Ah, observability, the new buzzword of the day. Monitoring vendors aplenty are using the word, to basically mean “better monitoring!” You know, #monitoringlove not #monitoringsucks. Because monitoring doesn’t help with debugging and doesn’t have app instrumentation right?

Well, I have to say “bah” to that.  So here’s the thing.  I’m an electrical engineer by education, and I spent a lot of time working at National Instruments, an engineering test and measurement company.  You may be surprised to know these terms have actual definitions that don’t require Twitter arguments to discover.

Monitoring is an activity you perform. It’s simply observing the state of a system over a period of time.

Why do we monitor? For three reasons, in general.

  • Problem Detection – you know, alerting, or seeing issues on dashboards.
  • Problem Resolution – root cause and troubleshooting.
  • Continuous Improvement – capacity planning, financial planning, trending, performance engineering, reporting.

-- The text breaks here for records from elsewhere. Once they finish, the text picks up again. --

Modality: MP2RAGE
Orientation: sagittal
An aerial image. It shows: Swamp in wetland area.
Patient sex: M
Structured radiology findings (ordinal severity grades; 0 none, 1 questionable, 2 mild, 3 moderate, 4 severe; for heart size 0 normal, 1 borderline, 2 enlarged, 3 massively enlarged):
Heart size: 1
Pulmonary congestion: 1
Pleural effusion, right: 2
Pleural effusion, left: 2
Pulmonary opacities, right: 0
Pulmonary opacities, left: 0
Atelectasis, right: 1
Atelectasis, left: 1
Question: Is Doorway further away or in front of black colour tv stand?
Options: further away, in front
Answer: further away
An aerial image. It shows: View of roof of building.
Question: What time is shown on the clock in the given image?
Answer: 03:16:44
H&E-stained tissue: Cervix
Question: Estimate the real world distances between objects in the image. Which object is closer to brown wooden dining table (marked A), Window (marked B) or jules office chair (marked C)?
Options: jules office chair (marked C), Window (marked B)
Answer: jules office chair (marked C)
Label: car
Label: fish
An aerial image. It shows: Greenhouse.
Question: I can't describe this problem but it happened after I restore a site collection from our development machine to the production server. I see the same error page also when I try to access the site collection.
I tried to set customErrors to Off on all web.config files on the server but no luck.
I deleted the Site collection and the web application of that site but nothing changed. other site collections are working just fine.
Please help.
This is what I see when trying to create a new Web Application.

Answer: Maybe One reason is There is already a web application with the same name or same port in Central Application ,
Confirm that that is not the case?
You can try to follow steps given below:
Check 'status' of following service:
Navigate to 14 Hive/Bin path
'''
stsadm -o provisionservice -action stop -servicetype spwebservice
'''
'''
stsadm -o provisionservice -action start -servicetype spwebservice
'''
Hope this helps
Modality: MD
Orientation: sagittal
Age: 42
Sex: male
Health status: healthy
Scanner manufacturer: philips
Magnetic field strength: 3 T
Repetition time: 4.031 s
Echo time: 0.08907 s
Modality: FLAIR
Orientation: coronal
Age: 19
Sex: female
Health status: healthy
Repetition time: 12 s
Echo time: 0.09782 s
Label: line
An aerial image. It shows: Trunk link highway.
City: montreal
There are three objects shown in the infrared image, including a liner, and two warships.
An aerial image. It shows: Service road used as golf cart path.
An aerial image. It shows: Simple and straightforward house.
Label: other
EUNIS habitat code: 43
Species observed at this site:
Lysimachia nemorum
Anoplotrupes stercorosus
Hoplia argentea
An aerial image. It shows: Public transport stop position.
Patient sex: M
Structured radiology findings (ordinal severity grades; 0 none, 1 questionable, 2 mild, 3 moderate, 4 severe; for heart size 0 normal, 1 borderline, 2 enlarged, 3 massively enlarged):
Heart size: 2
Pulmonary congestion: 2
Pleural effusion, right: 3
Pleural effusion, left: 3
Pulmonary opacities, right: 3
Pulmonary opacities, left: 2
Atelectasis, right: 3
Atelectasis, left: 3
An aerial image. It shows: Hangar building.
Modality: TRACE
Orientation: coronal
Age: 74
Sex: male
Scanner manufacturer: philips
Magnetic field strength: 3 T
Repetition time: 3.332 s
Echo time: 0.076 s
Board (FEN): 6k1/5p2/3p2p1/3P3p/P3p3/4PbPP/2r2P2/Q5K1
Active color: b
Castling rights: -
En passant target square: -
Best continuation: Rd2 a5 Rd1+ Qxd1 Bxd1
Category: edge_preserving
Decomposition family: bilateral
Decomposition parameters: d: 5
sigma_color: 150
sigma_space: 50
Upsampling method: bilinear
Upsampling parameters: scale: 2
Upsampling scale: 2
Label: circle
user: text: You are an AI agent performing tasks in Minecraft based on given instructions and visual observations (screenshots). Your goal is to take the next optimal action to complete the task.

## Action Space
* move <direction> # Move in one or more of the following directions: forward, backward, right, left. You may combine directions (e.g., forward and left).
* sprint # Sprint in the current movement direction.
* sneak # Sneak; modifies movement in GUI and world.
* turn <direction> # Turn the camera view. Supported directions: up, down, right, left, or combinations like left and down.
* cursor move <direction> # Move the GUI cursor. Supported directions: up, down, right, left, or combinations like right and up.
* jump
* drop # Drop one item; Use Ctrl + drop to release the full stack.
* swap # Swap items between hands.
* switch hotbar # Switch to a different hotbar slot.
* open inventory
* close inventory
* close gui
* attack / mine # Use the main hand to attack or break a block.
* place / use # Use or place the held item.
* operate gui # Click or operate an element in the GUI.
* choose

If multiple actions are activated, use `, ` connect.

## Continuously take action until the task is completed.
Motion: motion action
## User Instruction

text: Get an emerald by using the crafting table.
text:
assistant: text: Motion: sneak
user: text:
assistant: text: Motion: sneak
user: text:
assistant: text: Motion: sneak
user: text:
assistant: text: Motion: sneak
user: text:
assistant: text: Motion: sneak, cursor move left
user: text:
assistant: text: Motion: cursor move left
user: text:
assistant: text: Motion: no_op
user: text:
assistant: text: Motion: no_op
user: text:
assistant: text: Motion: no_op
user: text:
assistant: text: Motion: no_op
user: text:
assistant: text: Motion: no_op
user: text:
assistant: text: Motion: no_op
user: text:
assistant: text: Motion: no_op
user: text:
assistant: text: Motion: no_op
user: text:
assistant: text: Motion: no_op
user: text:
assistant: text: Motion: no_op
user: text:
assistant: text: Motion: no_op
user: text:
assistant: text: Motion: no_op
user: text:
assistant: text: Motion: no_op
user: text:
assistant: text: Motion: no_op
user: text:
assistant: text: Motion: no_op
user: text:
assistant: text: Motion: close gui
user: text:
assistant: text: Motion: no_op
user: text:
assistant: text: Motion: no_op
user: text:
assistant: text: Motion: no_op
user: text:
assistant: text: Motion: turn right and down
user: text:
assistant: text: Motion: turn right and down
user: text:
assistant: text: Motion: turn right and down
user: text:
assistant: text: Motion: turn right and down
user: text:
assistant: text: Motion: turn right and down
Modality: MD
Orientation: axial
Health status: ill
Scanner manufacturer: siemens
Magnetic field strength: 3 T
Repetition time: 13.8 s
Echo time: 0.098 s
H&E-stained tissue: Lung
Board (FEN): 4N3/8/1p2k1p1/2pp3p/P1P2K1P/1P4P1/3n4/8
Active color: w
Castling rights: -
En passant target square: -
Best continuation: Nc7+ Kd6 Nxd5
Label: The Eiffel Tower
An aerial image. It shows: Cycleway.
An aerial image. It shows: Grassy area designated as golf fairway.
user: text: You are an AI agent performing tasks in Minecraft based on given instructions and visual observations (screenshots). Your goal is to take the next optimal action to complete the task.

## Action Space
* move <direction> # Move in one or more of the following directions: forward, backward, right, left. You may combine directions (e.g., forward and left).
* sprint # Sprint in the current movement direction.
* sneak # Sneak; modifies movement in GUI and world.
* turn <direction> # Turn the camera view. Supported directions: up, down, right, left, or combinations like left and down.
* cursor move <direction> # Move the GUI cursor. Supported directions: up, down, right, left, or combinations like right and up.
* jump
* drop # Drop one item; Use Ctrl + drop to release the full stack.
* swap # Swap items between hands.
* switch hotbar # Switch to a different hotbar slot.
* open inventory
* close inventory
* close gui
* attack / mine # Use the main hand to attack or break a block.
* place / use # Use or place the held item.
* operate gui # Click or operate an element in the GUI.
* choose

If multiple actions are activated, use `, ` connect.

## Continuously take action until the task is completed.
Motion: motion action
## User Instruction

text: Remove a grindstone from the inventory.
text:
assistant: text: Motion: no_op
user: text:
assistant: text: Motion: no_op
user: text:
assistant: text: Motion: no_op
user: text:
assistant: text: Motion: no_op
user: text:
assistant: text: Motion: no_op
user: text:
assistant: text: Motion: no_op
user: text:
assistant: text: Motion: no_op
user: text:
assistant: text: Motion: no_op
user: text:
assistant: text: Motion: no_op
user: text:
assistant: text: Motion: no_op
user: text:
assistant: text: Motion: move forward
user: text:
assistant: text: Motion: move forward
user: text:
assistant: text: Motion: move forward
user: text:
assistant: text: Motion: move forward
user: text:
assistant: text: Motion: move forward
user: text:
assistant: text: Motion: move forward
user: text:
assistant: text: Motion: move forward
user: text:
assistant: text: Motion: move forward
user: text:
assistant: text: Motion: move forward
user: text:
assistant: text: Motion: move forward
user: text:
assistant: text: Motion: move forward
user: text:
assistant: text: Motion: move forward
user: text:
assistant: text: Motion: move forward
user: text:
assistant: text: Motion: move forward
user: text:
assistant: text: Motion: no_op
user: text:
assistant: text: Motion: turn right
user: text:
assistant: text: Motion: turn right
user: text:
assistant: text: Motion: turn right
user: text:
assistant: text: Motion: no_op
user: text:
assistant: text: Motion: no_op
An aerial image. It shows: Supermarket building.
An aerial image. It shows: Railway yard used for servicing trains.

How do we monitor?  Well, that’s called instrumentation. You can instrument your systems and get CPU and stuff, you can use synthetic probes, you can use JavaScript bugs to get end user monitoring, you can emit metrics from applications, you can introspect services and apps via whatever parts are exposed (from JMX to nginx stats to sysdig traces), you can take network traces… (Some folks are similarly trying to redefine “instrumentation” to just mean application instrumentation, which is lame, and in defiance of the fact that application performance management tools that do app instrumentation have existed for decades.)

You can instrument metrics or events; metrics have certain sampling frequency and resolution…

So what is observability?  This isn’t a new term. It comes from system control theory. You know, the stuff that makes your A/C system and electrical plants and your car work.

Observability is a measure of how well the internal states of a system can be inferred from knowledge of its external outputs.

Observability is a property of a system. You can monitor a system using various instrumentation, but if the system doesn’t externalize its state well enough that you can figure out what’s actually going on in there, then you’re stuck.

So is observability hippy bullcrap?  No, of course not. In a DevOps world, it’s very important that the apps and systems concentrate on making themselves both observable and controllable (I leave it to the reader to research controllability, unless I get agitated enough to post about that too). Do you make yourself “easy to monitor”?

Externalizing custom metrics contributes to observability (you know, like with dropwizard metrics).  So does good logging.  So does proper architecture!  Take a system that sticks all kinds of messages into one message queue rather than using separate queues for separate types – the latter is more observable; you can more readily see how many of what is flowing through.  (It’s more controllable too, as you can shut off one queue or another.)

Making your system observable is therefore important, so that if you monitor it with appropriate instrumentation, you understand the state of the system and can make short or long term plans to change it.

While a monitoring tool can definitely contribute to this via its innovation in instrumentation, analysis, and visualization, in large part observability is a battle won or lost before you start sticking tools on top of the system. It’s very important to take it into account when designing and implementing services. No tool is going to “give you” observability and that’s the usual silver bullet fallacy heard from someone who wants to sell you something.

I’m not saying every vendor is using the term wrongly (in fact I just came across this New Relic post that is very well done), but I have to say I am less than impressed when common engineering terms are so widely misused and misunderstood widely in our industry.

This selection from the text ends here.